> _What you should do_: The expected output is every line of the data exactly as shown, minus the images.

─── Dataset excerpts

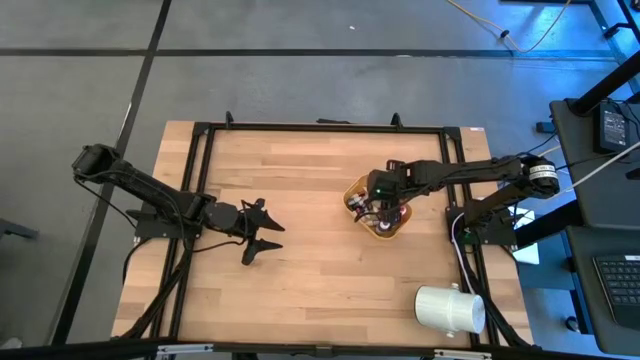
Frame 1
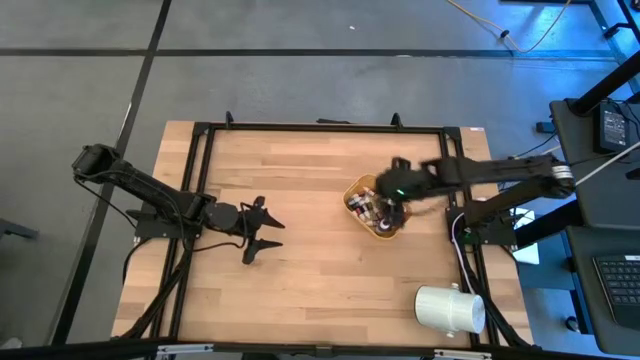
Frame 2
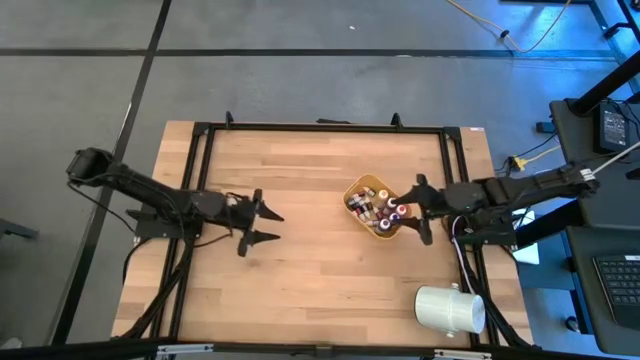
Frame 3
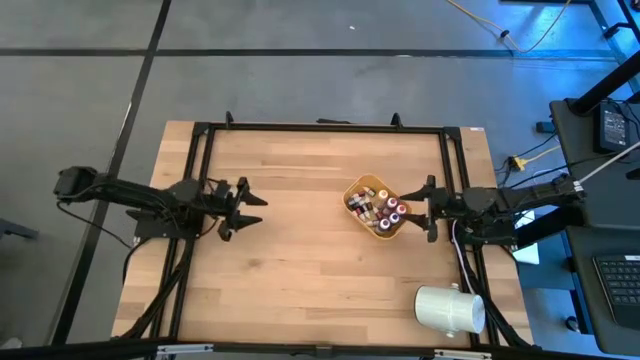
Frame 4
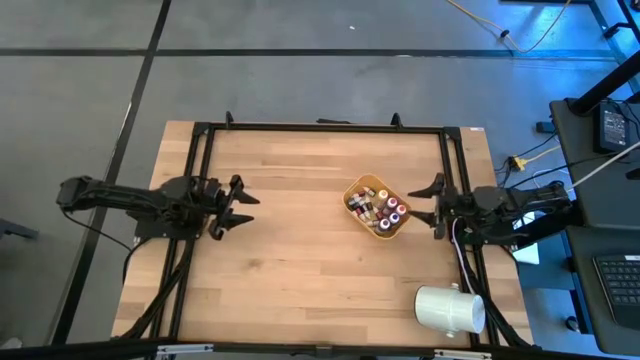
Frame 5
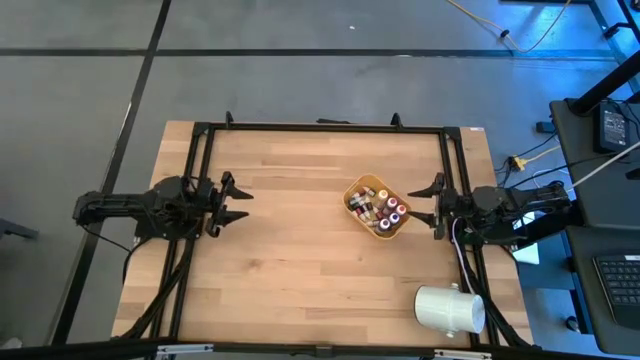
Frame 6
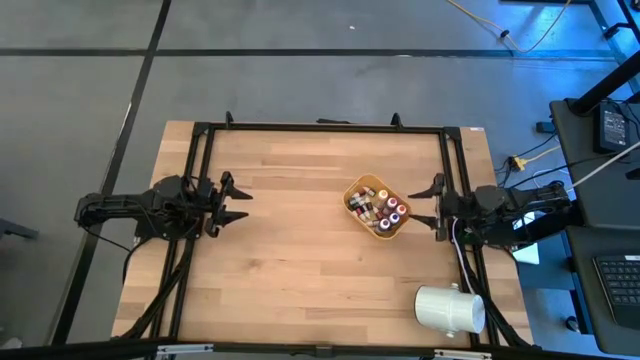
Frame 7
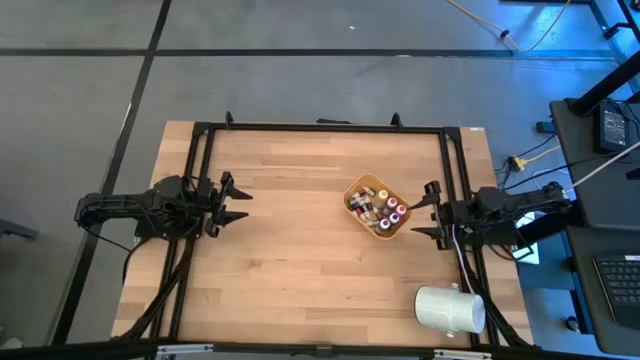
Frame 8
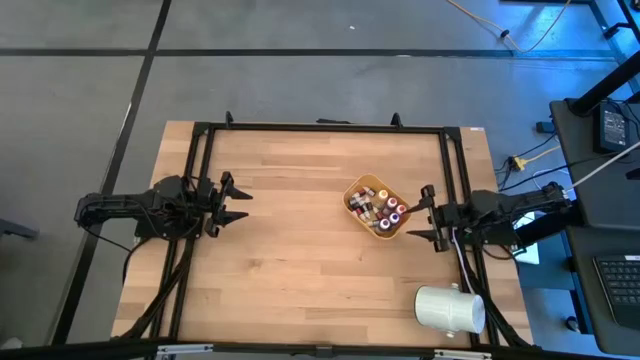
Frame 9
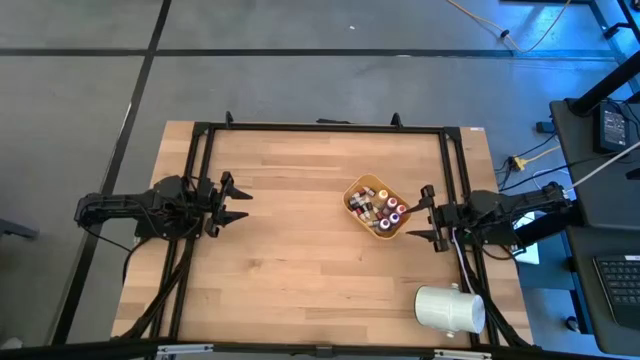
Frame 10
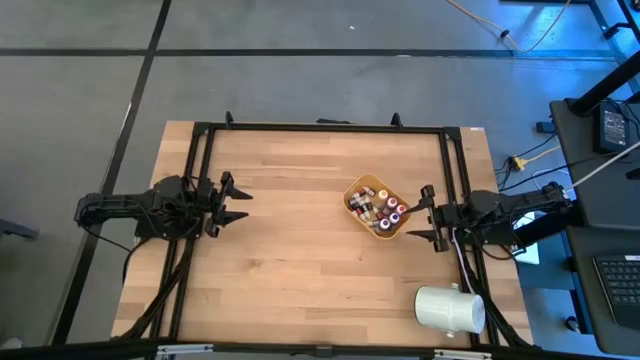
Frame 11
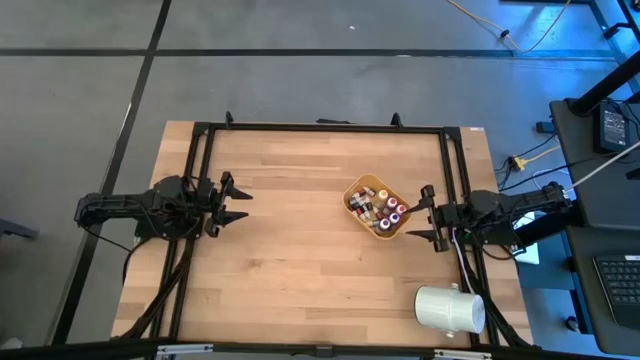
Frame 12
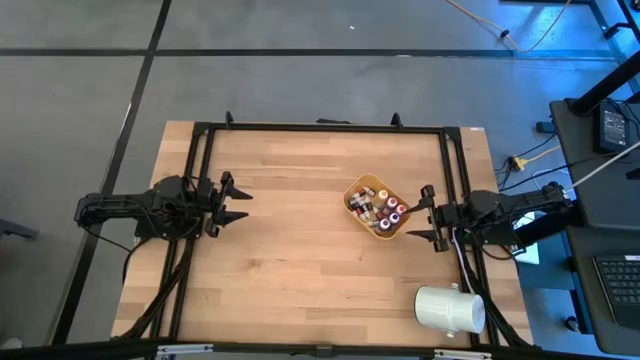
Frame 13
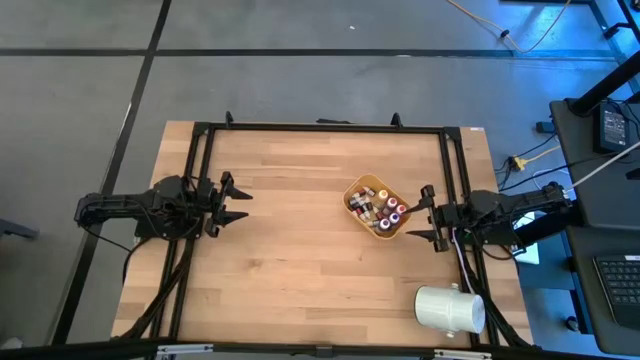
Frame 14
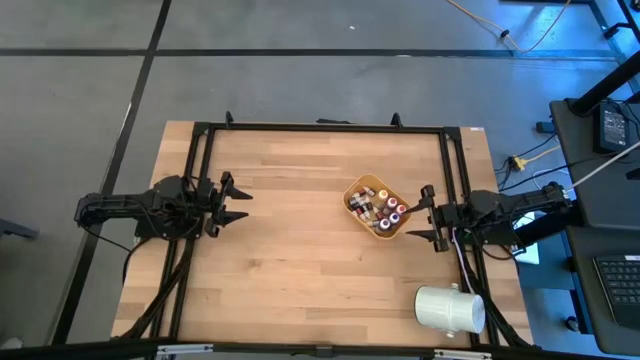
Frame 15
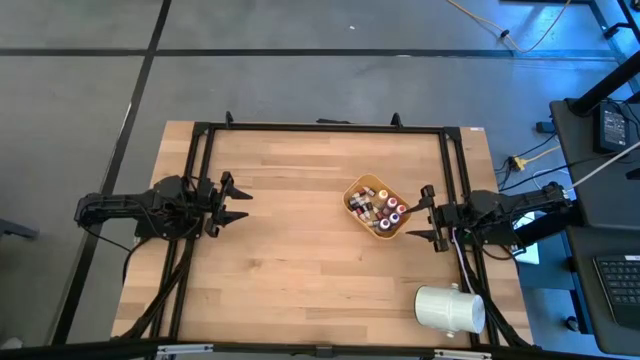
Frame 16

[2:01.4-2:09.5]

──────

> _Response box_:
Frame 1
Frame 2
Frame 3
Frame 4
Frame 5
Frame 6
Frame 7
Frame 8
Frame 9
Frame 10
Frame 11
Frame 12
Frame 13
Frame 14
Frame 15
Frame 16

[2:01.4-2:09.5]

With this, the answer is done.